Наконец Васкес звучно ударила Дрейка по лицу, и их руки разделились. Они рассмеялись. Сцена выглядела так, словно играли два молодых добермана. Наблюдая за ними, Рипли пришла к выводу, что Дрейк сильнее, но Васкес – быстрее. Если придется отправиться на планету, она намеревалась держаться между этими двумя. Это будет самым безопасным местом.
Среди морпехов тихо передвигался Бишоп, помогая разминать мышцы, предлагая бутылку особой жидкости после гиперсна. Он скорее походил на камердинера, чем на офицера флота, и выглядел старше любого члена команды, включая лейтенанта Гормана. Когда Бишоп проходил поблизости от Рипли, она заметила на тыльной стороне его левой руки буквенно-цифровую татуировку. Поняв, что это значит, Рипли напряглась, но ничего не сказала.
– Эй, – обратился рядовой Фрост к кому-то, кого Рипли не видела, – это ты взял мое полотенце?
Фрост был так же молод, как Хадсон, но привлекательнее – по крайней мере, так он говорил любому, кто готов был его слушать. Что касалось хвастовства, то тут оба молодых морпеха шли примерно наравне: Хадсон полагался на громкость, а Фрост лучше подбирал слова.
Спанкмейер, стоя в начале очереди, продолжал жаловаться:
– Черт, мне нужно расслабиться. Как вышло, что нас вот так вот, сразу же отправили обратно? Это нечестно. Парни, нам полагается отдых.
– Ты только что три недели отдыхал, – мягко заметил Хикс. – Хочешь всю жизнь в резерве провести?
– Я хочу сказать, в живом, а не замороженном виде.
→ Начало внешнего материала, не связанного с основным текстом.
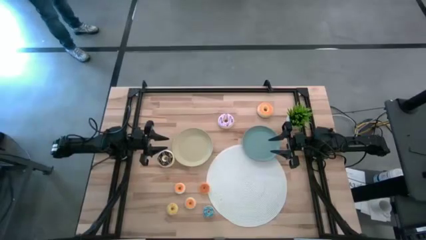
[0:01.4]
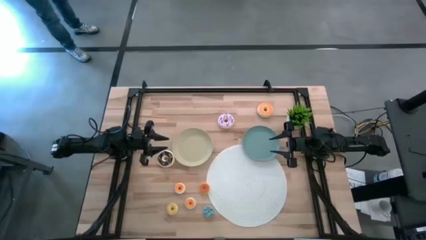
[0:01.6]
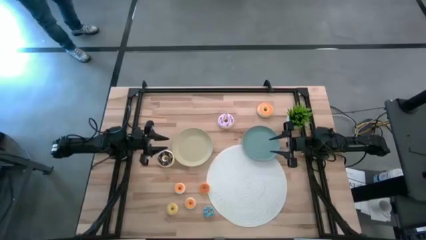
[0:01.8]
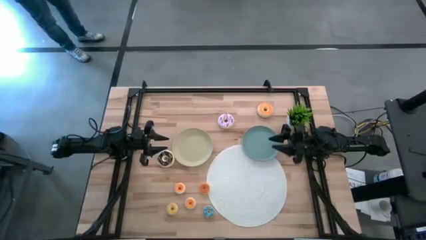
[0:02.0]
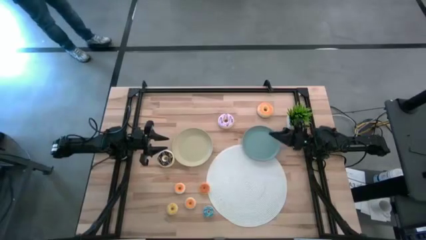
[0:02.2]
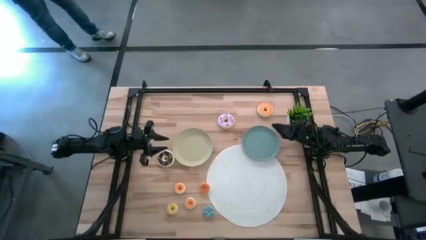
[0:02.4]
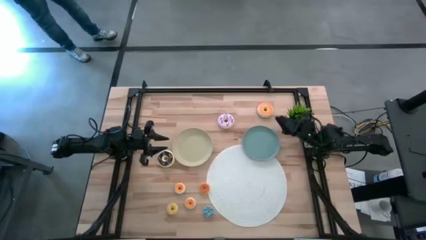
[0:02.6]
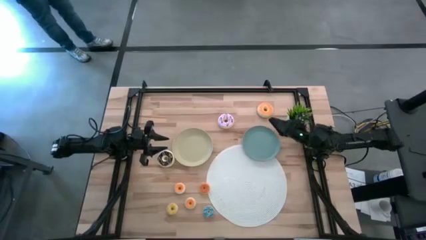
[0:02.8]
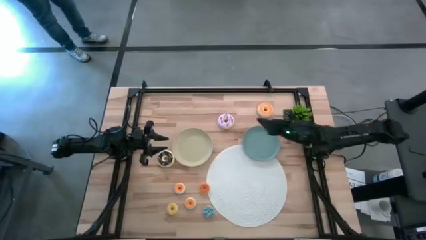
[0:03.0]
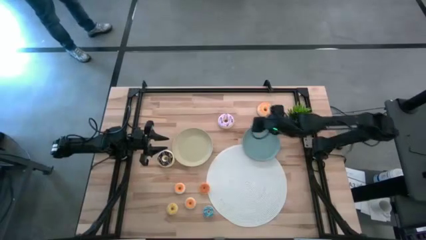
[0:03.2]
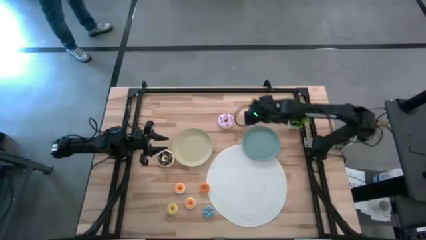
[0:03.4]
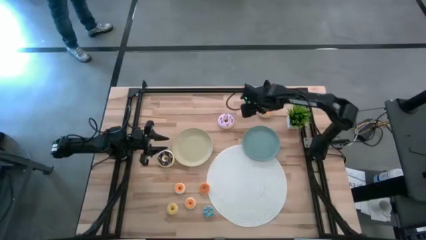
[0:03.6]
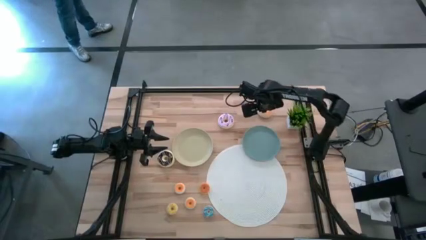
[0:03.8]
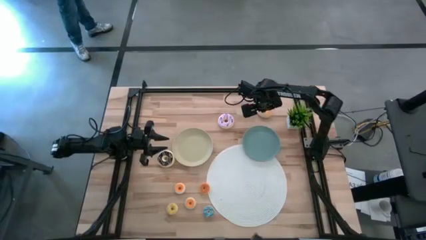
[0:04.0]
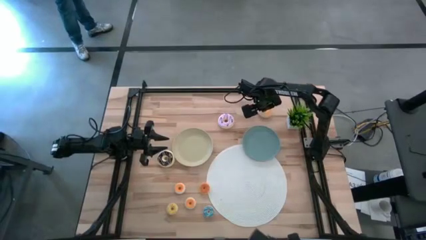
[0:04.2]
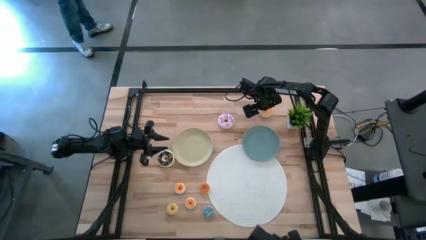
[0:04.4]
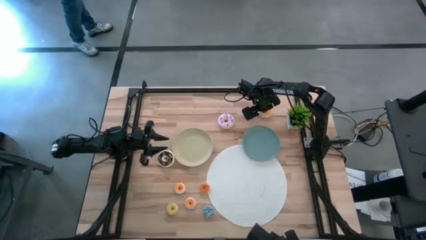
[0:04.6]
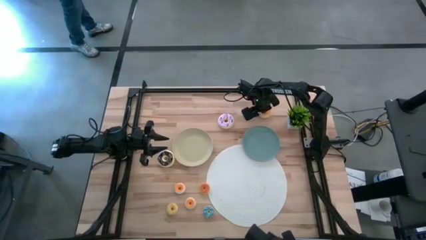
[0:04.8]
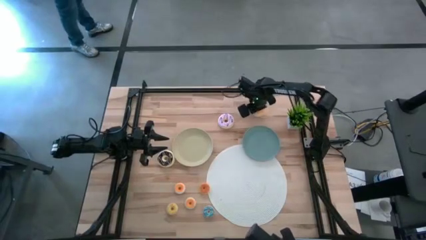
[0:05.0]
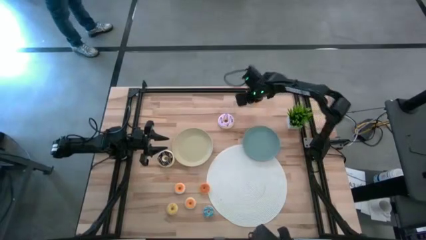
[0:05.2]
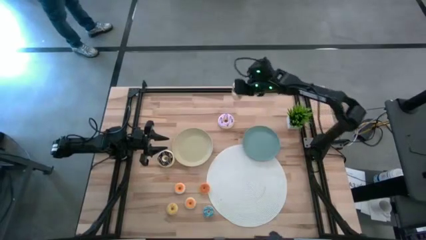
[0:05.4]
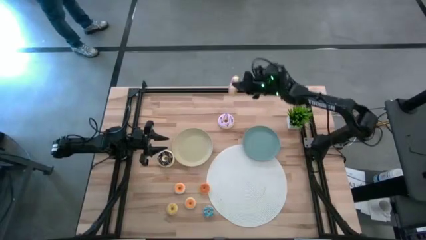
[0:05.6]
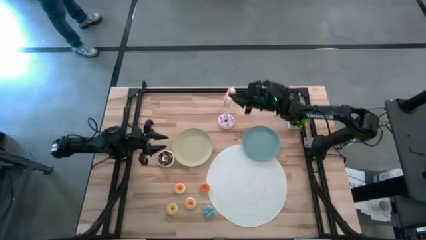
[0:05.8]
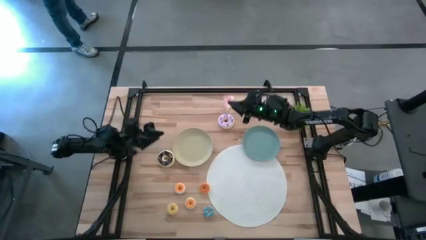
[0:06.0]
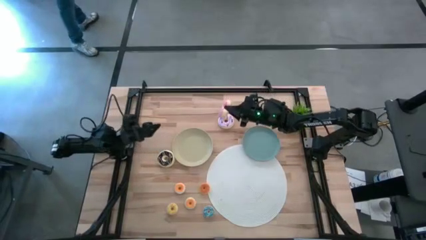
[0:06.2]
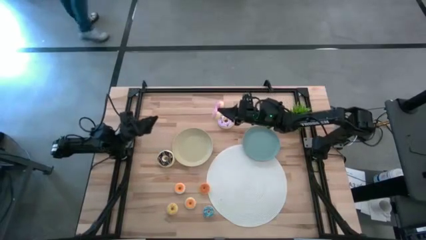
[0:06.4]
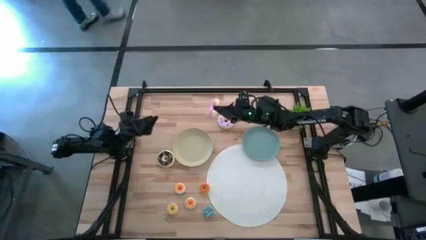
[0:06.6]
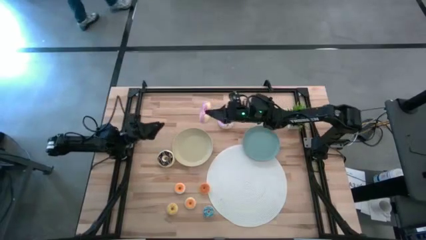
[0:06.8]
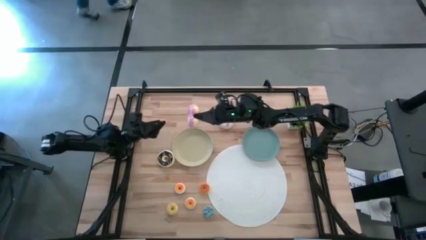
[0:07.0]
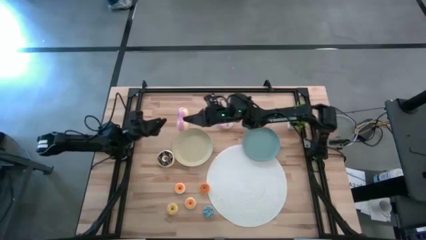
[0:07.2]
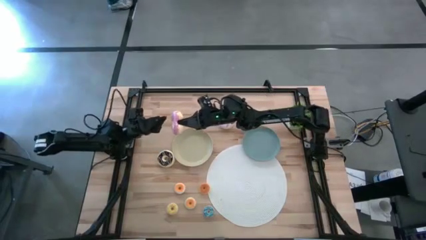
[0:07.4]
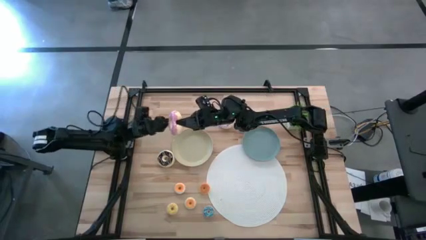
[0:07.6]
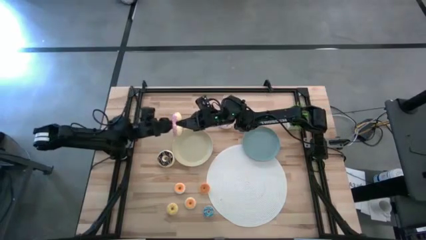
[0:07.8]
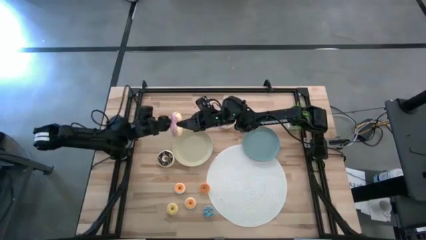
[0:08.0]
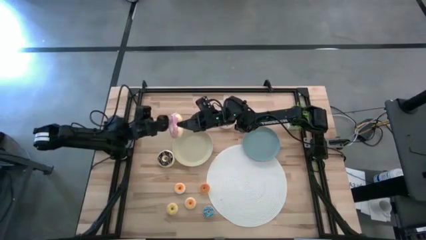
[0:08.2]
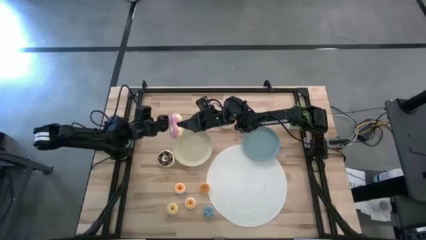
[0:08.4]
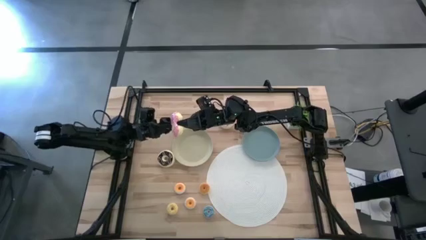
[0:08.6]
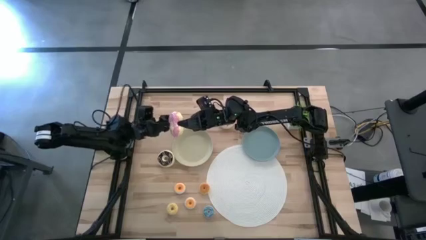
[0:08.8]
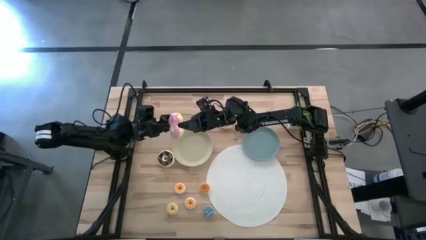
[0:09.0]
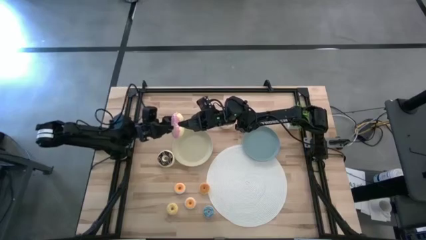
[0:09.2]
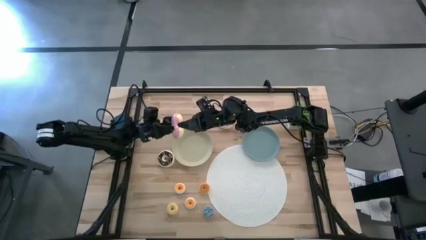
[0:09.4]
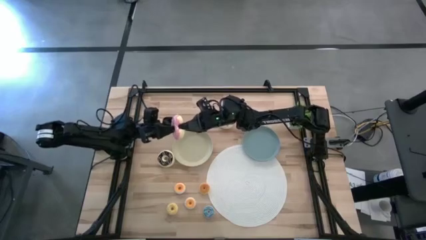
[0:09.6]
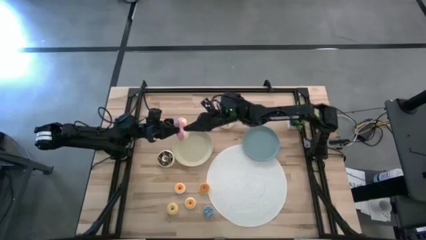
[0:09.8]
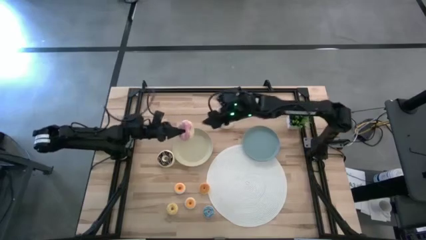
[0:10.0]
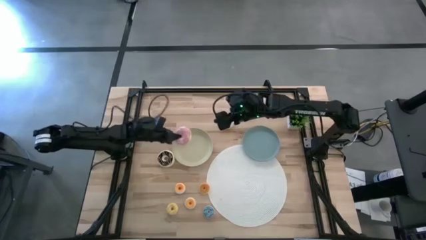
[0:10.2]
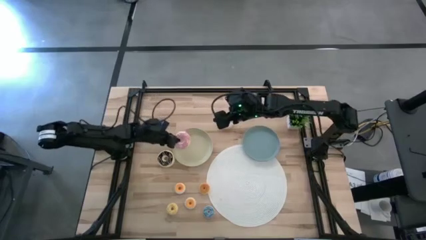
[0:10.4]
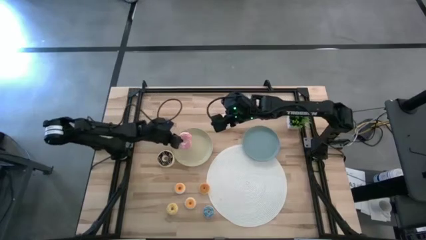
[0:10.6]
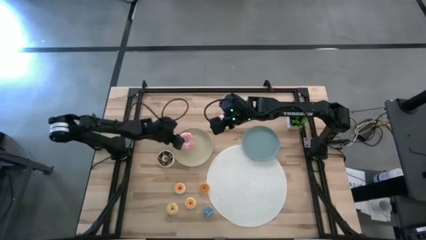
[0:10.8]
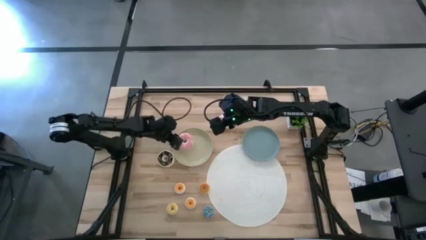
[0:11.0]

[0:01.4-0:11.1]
Task: Pick & Place donuts
Put the large pink donut on the brown plate

Три недели в морозильнике – это не настоящий отпуск.
– Да, первый[8], как так вышло? – заинтересовалась Дитрих.
– Ты знаешь, это не мне решать, – Эйпон поднял голос, заглушая ворчание. – Так, кончаем жевать одно и то же. Первое собрание в пятнадцать ноль-ноль. Я хочу, чтобы к этому времени все выглядели как человеческие существа, пусть даже большинству из вас придется хорошенько замаскироваться. Давайте пошевеливаться.
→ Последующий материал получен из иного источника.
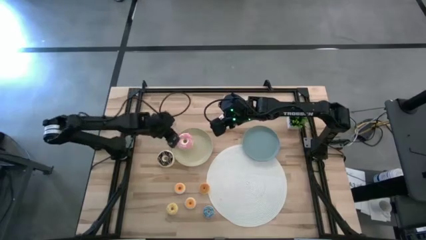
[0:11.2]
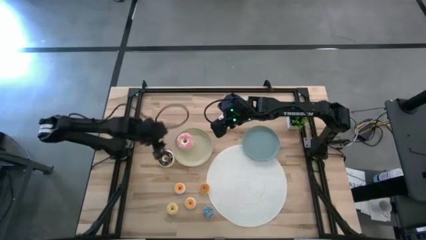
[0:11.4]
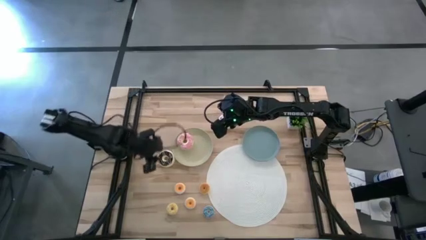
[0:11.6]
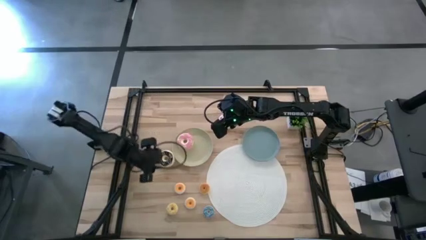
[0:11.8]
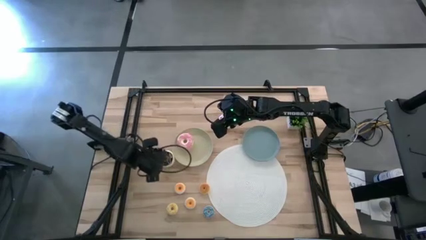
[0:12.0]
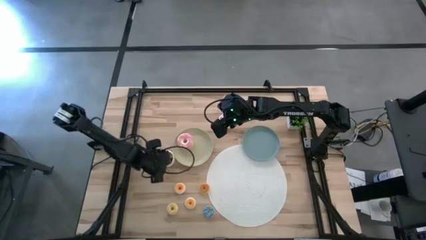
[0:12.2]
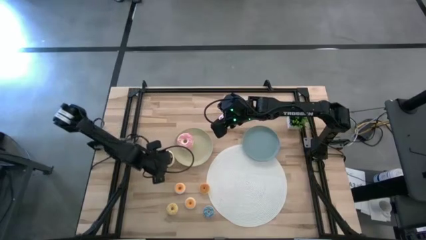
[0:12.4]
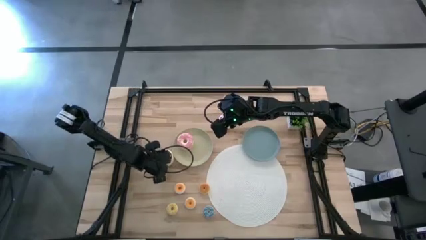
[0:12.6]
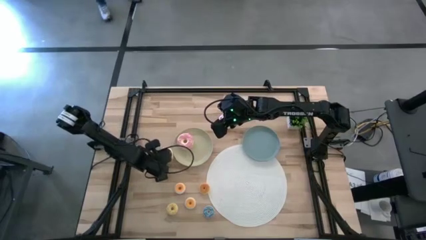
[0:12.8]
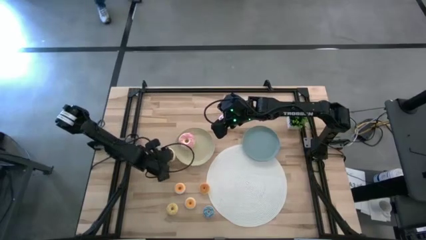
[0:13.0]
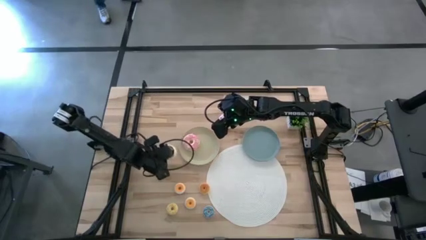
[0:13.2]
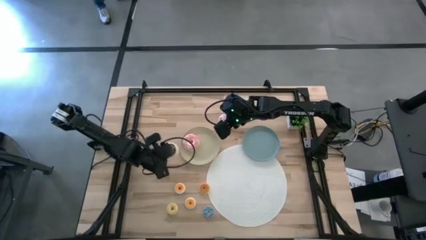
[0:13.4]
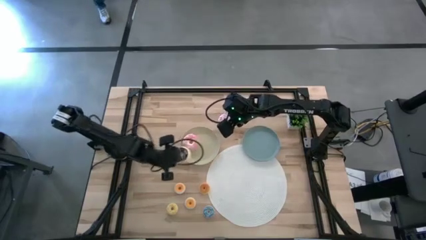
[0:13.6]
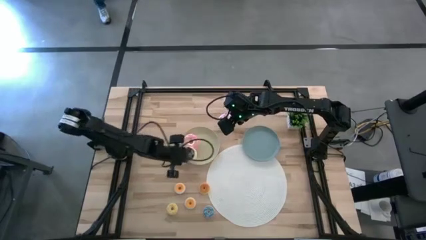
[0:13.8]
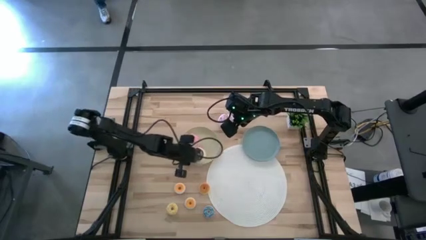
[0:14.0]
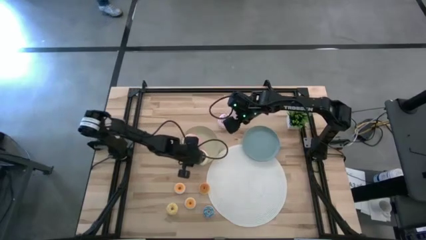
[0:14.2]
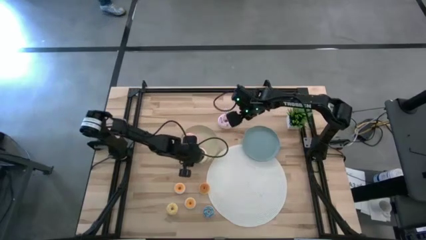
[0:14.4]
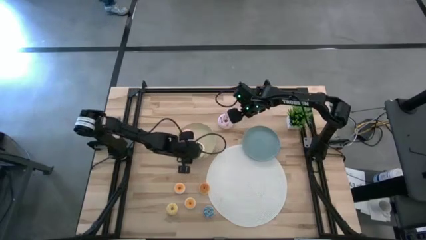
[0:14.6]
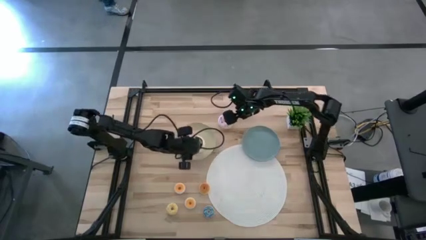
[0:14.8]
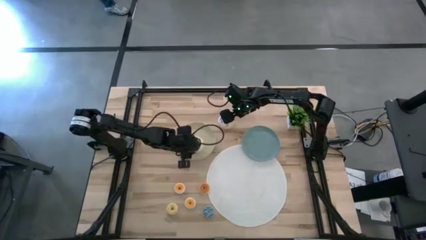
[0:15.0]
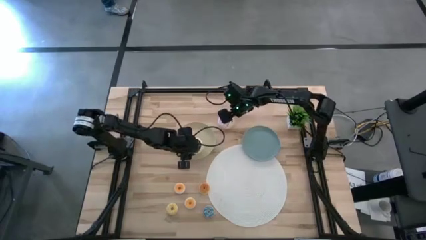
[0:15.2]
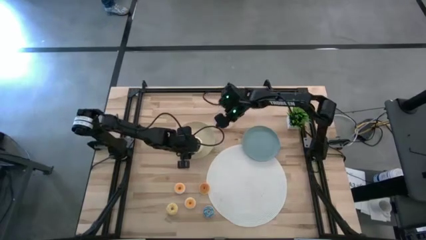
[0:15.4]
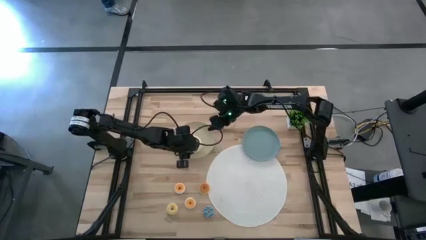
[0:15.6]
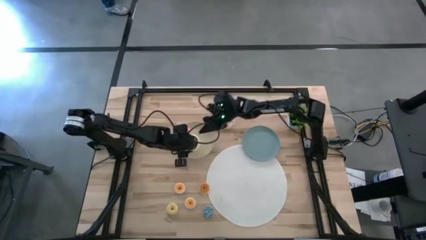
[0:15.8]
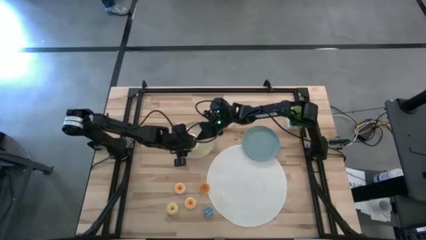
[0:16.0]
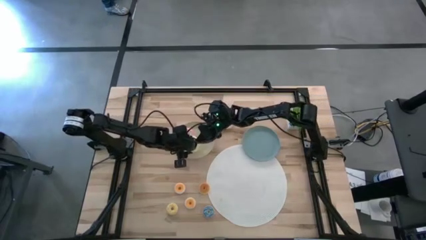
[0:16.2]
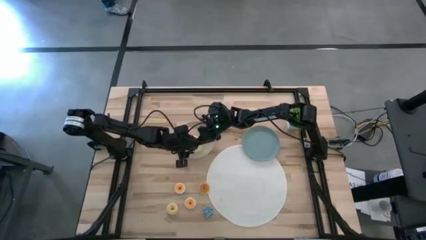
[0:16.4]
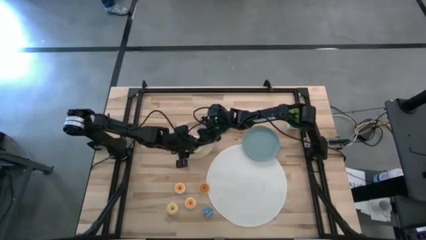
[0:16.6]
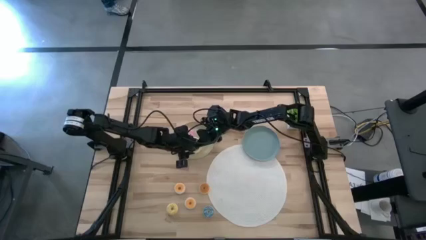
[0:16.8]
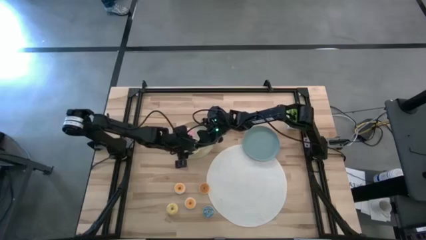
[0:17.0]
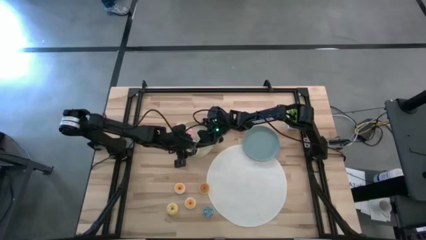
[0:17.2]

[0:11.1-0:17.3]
Put the large black donut on the brown plate

Одежду для гиперсна все просто снимали и швыряли в утилизатор отходов. Проще было сжечь остатки и выдать все новое для обратного пути, чем пытаться повторно использовать шорты и футболки, которые прилегали к телу на протяжении нескольких недель. Цепочка стройных голых тел двинулась в душ.
Пущенная под высоким давлением вода смывала скопившиеся пот и грязь, заставляла гореть нервные рецепторы под отдраенной начисто кожей. Хадсон, Васкес и Ферро через клубы пара наблюдали за тем, как вытирается Рипли.
– Так, что это тут за свежее мясцо? – спросила Васкес, вымывая из волос шампунь.
– Предполагается, что она вроде консультанта. Я мало о ней знаю, – миниатюрная Ферро вытерла плоский и крепкий, как стальная пластина, живот, и добавила театральным тоном: – Она однажды видела чужого. По слухам.
– Ого! – Хадсон скорчил гримасу. – Я впечатлен.
Тут до них донесся окрик Эйпона. Тот уже вышел из душа и теперь вытирал плечи, на которых жира было не больше, чем у морпехов на двадцать лет его моложе.
– Давайте, пошевеливайтесь. Сборище ленивых задниц, вы рециркуляторы досуха выжмете. Двигайтесь. Прежде, чем мыться, нужно еще попотеть.
По традиции в кают-компании царило неформальное разделение. Так получилось само собой. Не потребовалось ни договариваться, ни расставлять таблички с именами у стаканов. Эйпон с морпехами заняли большой стол, а Рипли, Горман, Бёрк и Бишоп уселись за другим. Все потягивали кофе, чай, спритц или воду, ожидая, пока корабельный автоповар выдаст яичницу с эрзац-беконом, тосты и рубленое мясо, приправы и дозы витаминов.
Всех морпехов можно было опознать по форме. Здесь не нашлось бы двух одинаковых, и разница заключалась не в специальных знаках различия, а в личном вкусе.